Tips for fëgg jaay shopping in Dakar

Today’s guest post comes from one of our favorite contributors, Angie in this. Check out Angie’s blog here.

Have you ever seen a super cute skirt on a friend, or an adorable dress on a little girl, and said to yourself, “I want one just like that in my size!” Well, ladies, that right there is one of the best reasons to shop at a fëgg jaay. The deals on used clothes are great, of course, but it’s also the best place to shop for “modèles” for your next outfit. And, since tailors always do best when they have in hand a sample of what you want to have made, why not browse around for pieces you’d like to have him/her use for your next outfit?

So, whether I’m looking for inspiration, doing some frugal Christmas shopping, or simply stocking up on “winter” clothes, I always find an excuse to make a run to the nearest fëgg jaay. I’ve heard it translated as “swap meet,” but I don’t know if that’s precise enough. Perhaps no term in the English language can fully capture the wonder of a chaotic, ambulant market that offers the best deals on clothes, shoes, belts, purses, bedding, and much, much more. I’m so enamored with said markets that I do all my shopping there before returning to N. America so I’ll have plenty of cute “new” clothes to wear for my trip. This, of course, is in contrast to most friends who can’t wait to hit the malls as soon as they arrive in the land of plenty! (I do, however, buy my underwear at the outlets back home. You gotta draw the line somewhere!)

Here’s the places you can find this moving market throughout the week:

Monday: Orange Stadium Parking Lot, off the airport road
Tuesday: Yoff
Wednesday: the street along Casino Sahm
Thursday: Guediewaye
Friday: Dalifort
Saturday: rue Front de Terre

My personal favourite is the Monday Market, because it’s organized in a rectangular space (as opposed to the long, serpentine set up of most of the other markets). That means that if you see something you like and you want to keep shopping and think it over, you can easily find your way back to that vendor. When a market is spread out over block after block of urban madness, it can be pretty difficult to weave your way back to where you think you might have seen that perfect pair of pumps you had your eye on.

What to Wear
Wear a form fitting top in a neutral colour you wear often, so you can picture what your bottoms will look like with it. And also, so you can slip other tops on over what you’re wearing.

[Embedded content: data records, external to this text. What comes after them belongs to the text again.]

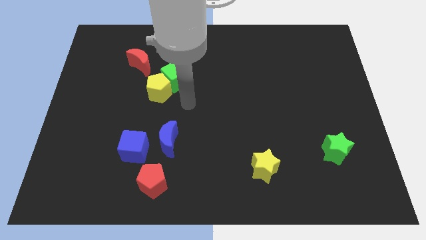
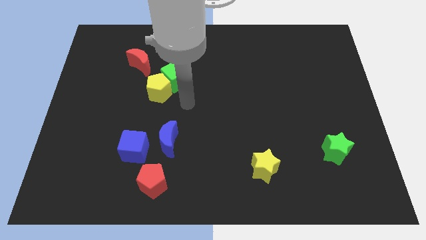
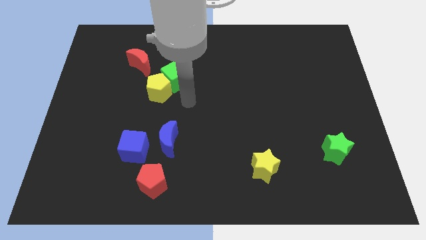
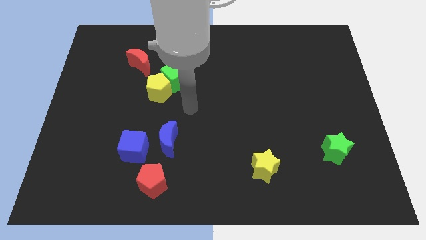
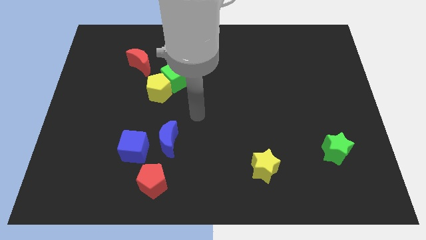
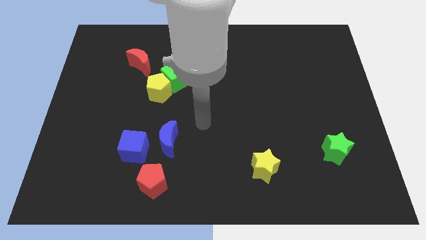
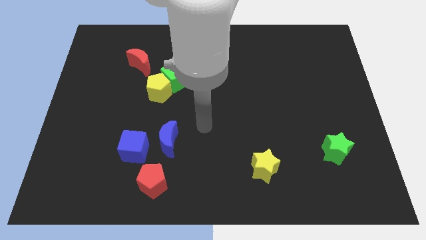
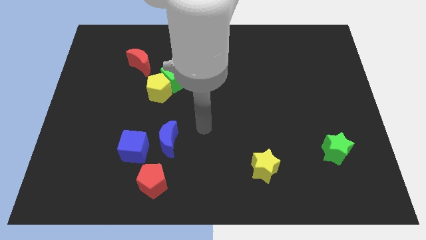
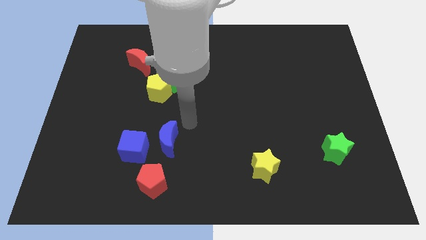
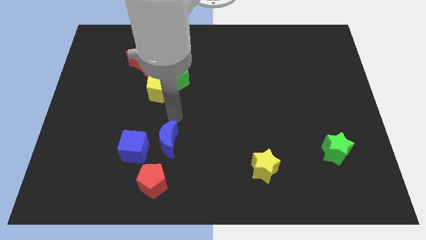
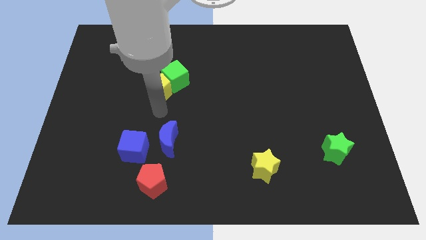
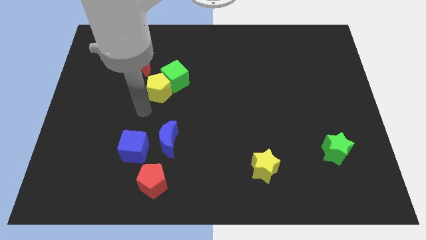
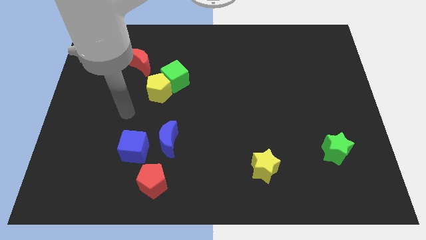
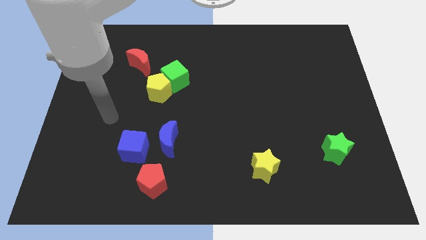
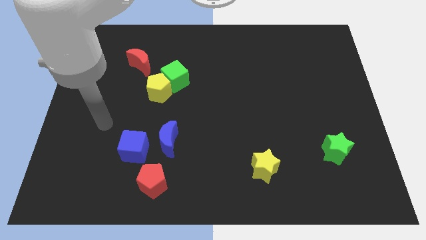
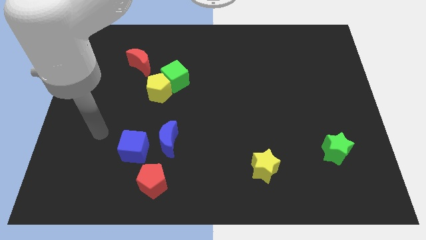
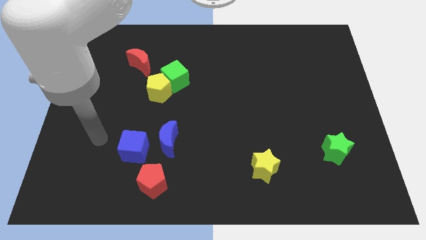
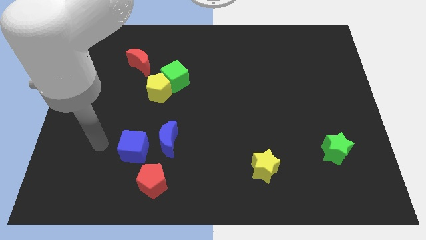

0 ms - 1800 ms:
point the arm to the left of the blue cube
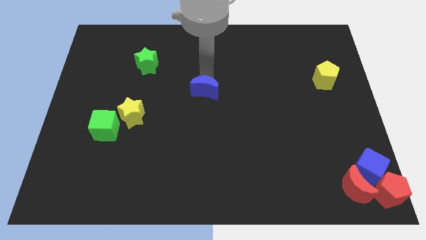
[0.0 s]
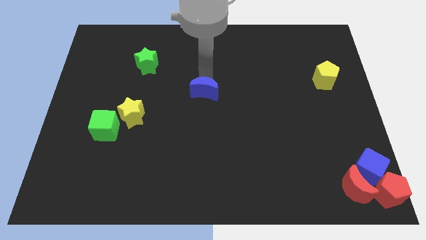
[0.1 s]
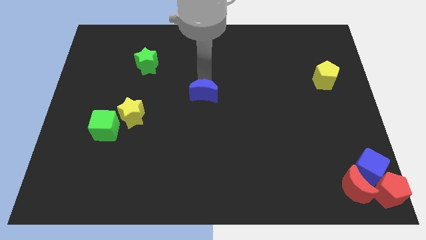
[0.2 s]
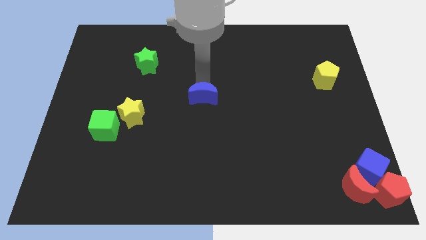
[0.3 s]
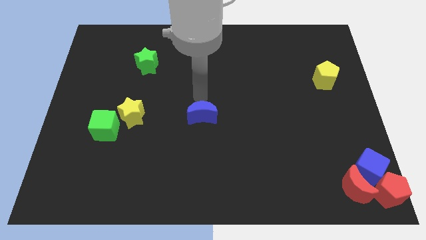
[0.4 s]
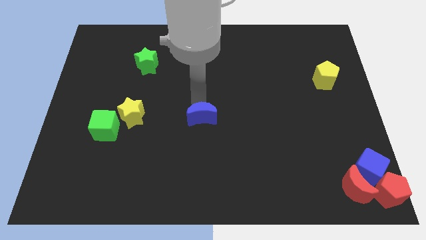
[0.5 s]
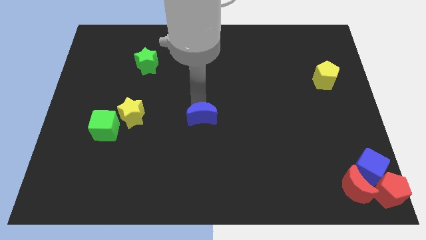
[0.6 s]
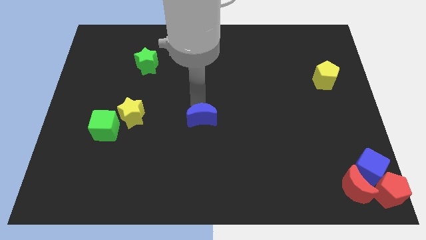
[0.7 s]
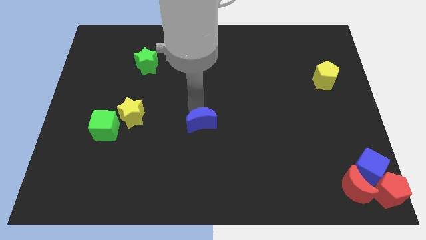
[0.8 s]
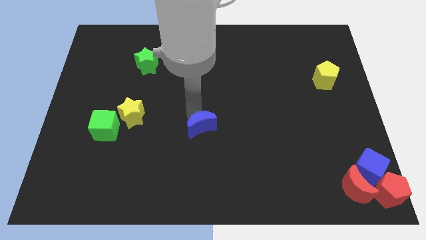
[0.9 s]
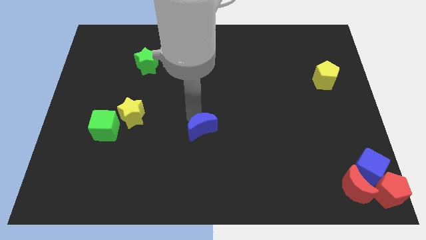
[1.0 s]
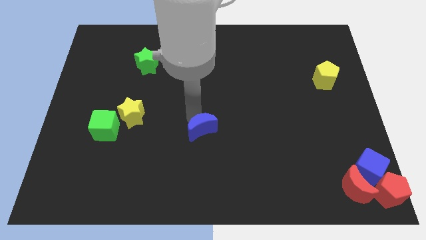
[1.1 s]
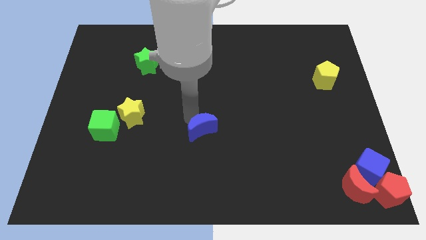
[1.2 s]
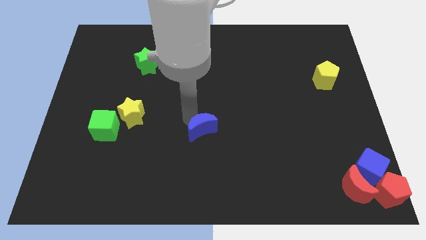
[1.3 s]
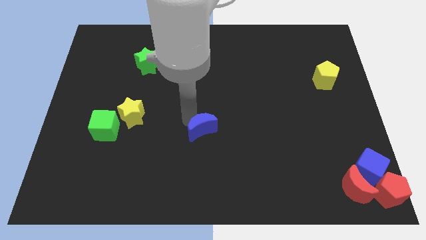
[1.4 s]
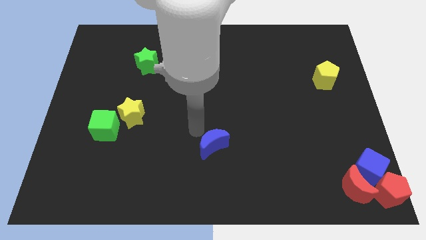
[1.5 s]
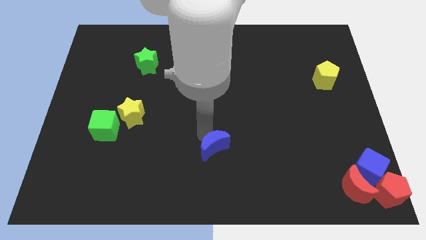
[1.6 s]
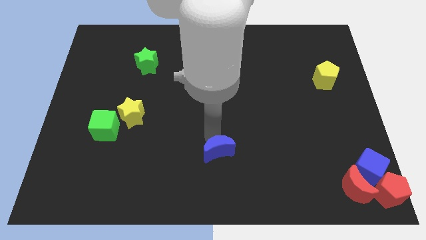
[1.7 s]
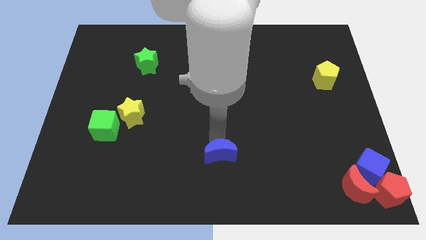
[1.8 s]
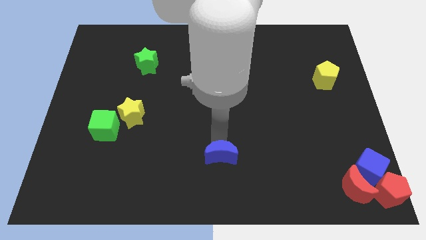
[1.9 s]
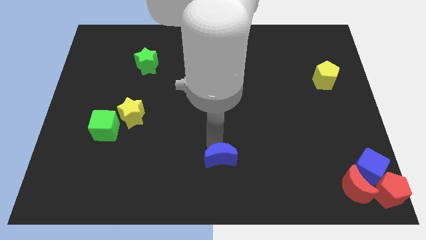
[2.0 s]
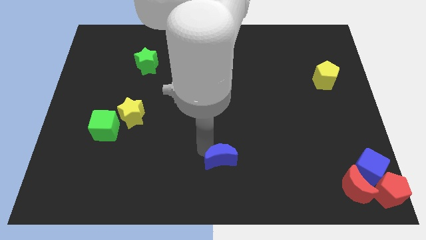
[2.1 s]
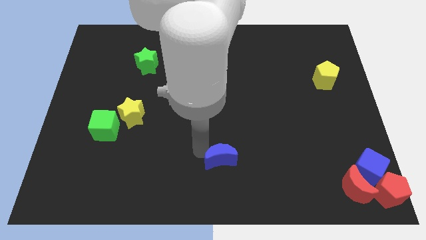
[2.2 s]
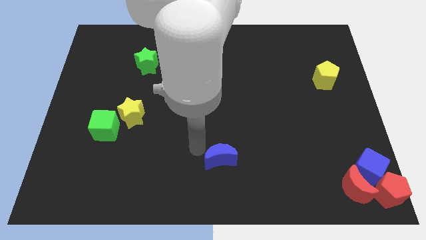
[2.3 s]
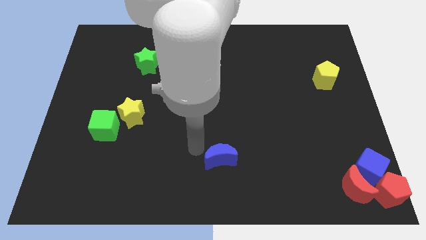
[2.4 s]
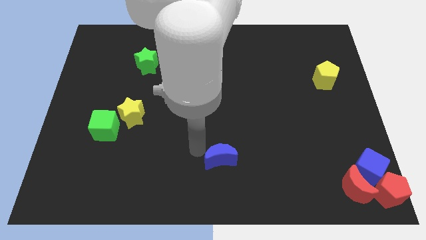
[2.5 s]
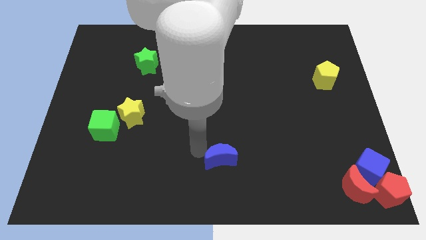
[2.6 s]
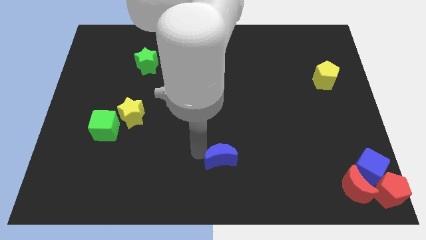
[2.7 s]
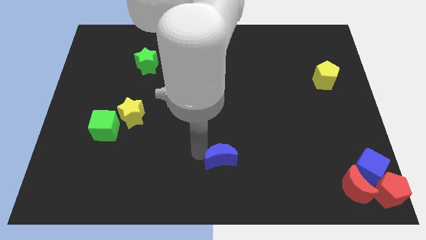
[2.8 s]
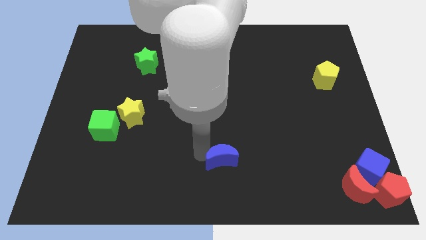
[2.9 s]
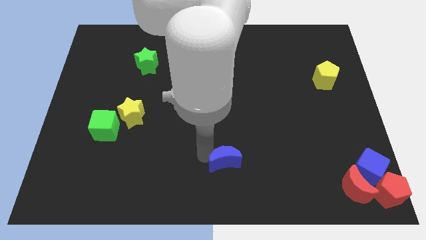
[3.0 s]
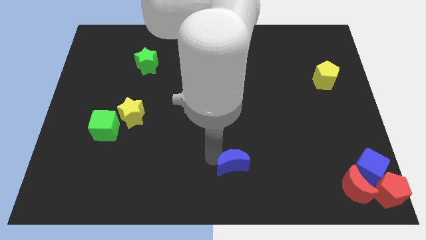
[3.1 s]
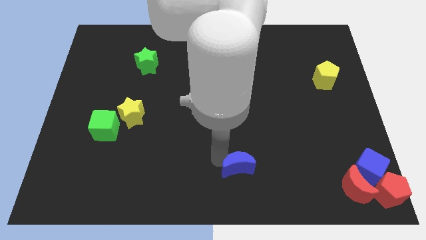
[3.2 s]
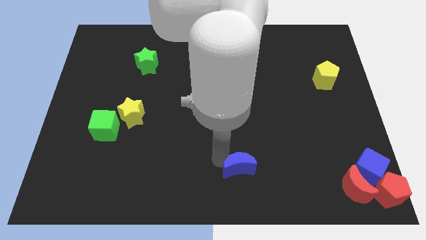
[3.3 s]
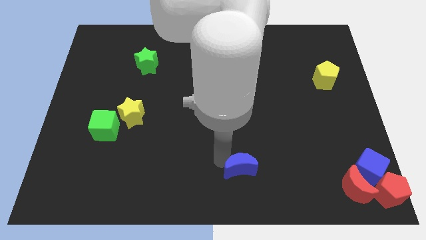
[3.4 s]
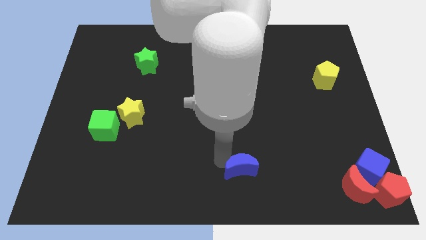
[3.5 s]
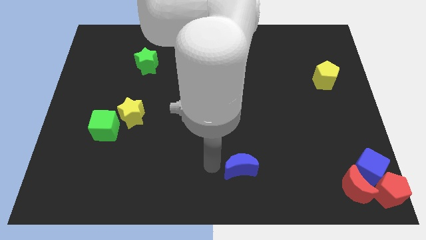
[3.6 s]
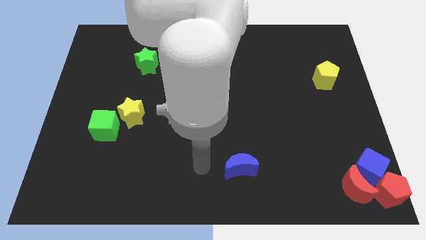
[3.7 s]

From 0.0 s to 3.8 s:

Wear a skirt with biker shorts on underneath, so you can try on pants with ease.

Wear flip flops so you can slip in and out of your shoes quickly to try on both shoes and pants.

If you have long hair, wear your hair up and out of your way, as you don’t want your lovely locks coming in unnecessary contact with some of the grittiness you’ll experience. 🙂

What to Bring
Basic Wolof. No one expects you to be fluent, but you’ll go far to win over those around you (vendors and fellow shoppers) if, at each stall you visit, you begin by greeting everyone with a simple, “Asalamualekum! Nan ngeen def?”

Bring a bag ‘o bags to contain all the goodies you buy. It helps if they’re not the kind that dig into your shoulders when weighed down with treasures.

Your cell phone to get a second opinion on purchases you’re unsure of. Keep your ringer set to LOUD, as you won’t hear it otherwise.

Optional: A working knowledge of European sizing isn’t necessary, but it is handy.

If shopping for bedding, make sure you know the measurements of your bed and are able to tell which sheets are the right size for your beds. Vendors have been known to get mixed up.

Water. All that haggling makes me so thirsty!

A list of what you want/need. It’s so easy to get distracted by all the wonderful options and end up coming home with five cute new tops and no pants, when that’s what you really needed!

Lots of small bills. I hoard my change in the days leading up to my visit to the market just for this purpose.

Time. As a general rule, I stay away from anything on a hanger. Those are the priciest items, hand picked by the vendor, and they often go for twice the price of anything on the ground. So, I tend to stick to the piles below. If you’ve got a few hours to spend, you may enjoy scouring through mountains of blouses/shirts to find the perfect collection of tops in a variety of colours and styles at 100-300 CFA ($0.20-$0.60) each. Sure, some won’t fit or look quite right once I get them home, but at that price, I can afford to buy a few duds, which can be set aside to be donated to the women’s prison or another worthy cause.

Sometimes, however, you may only have an hour or two. When that’s the case, by all means, pick from the clothes nicely displayed on hangers, or in the case of kids’ clothes, neatly arranged on a table, sorted by size and gender. You’ll pay twice as much, but it will still be a fraction of the price of anything in N. America (even at thrift stores!).

Finally, bring a sense of humour, as people tend to stare at the crazy toubab trying on other toubabs‘ discarded clothes in public, and then haggling for the best price. I consider the attention part of the experience. Flow with it and you’ll have a great experience and come home with lots of great deals and probably a story or two to share!